The CAP theorem states that a distributed system can satisfy at most two of the following three properties: Consistency, Availability, and Partition Tolerance.

This piece explains the theorem with a simple, everyday example.

1. The Memory Company Launches

A person starts a "Memory Company" that records customers' requests (e.g., remembering a birthday) and charges a small fee per request.

Memory Company – Your things will never be forgotten. Call 400‑888‑8888 to store or retrieve information. Charge: 10 CNY per request.

Example phone conversation shows how a request is recorded.

2. Business Expands

As demand grows, the single operator becomes a bottleneck; customers wait longer and service is unavailable when the operator is sick.

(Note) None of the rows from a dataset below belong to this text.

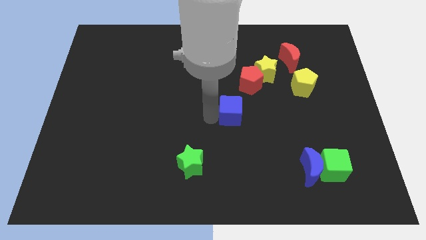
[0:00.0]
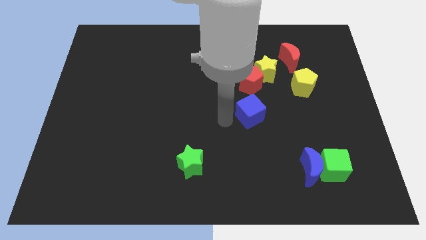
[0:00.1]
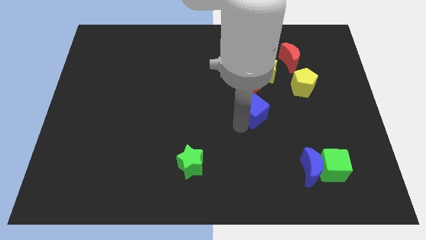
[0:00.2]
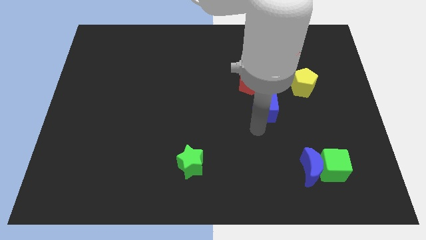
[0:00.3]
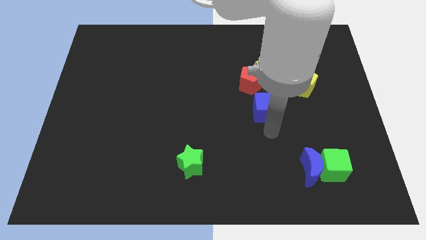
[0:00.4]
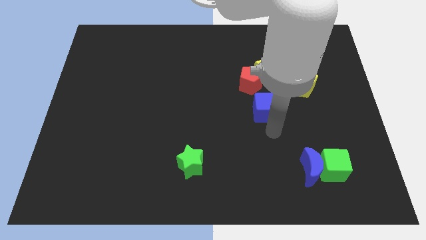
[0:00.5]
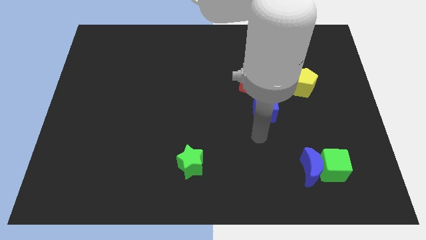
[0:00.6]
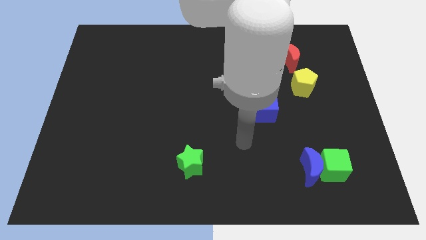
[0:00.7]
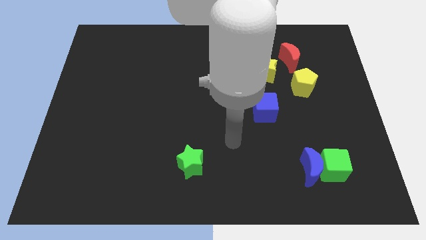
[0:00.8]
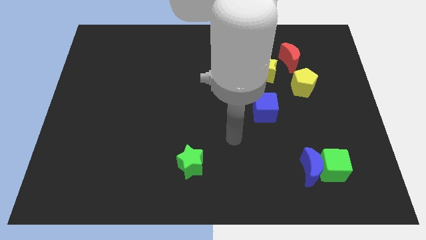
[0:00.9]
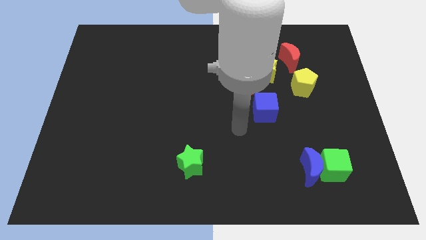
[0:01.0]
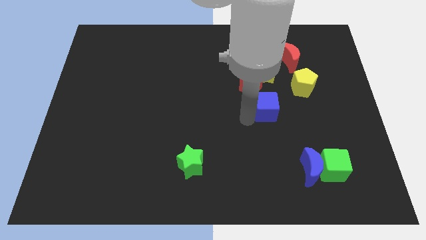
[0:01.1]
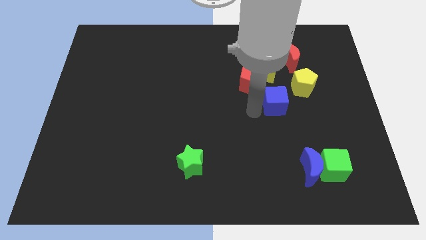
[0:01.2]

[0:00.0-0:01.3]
place the blue cube below the yellow star

The solution: both the operator and his spouse answer calls, with a router directing calls to either of them.

3. Inconsistent Service

After the new plan, a customer named John asks for a flight schedule that was never recorded because only one person handled the call, leading to an inconsistency between the two records.

This illustrates the consistency problem: different nodes may have divergent data.

4. Fixing Consistency

The operator proposes that whenever a record request is received, both parties update their notebooks simultaneously, ensuring both have the same data.

This approach sacrifices availability because a record cannot be processed if one party is absent.

5. A Better Approach

If both are present, they record together; if one is absent, the request is emailed to the absent party, who updates the notebook the next day before handling new requests.

This aims to satisfy both consistency and availability.

6. The Partition Problem

When the spouse is angry and refuses to share the recorded information, the system loses partition tolerance: communication failure breaks the service.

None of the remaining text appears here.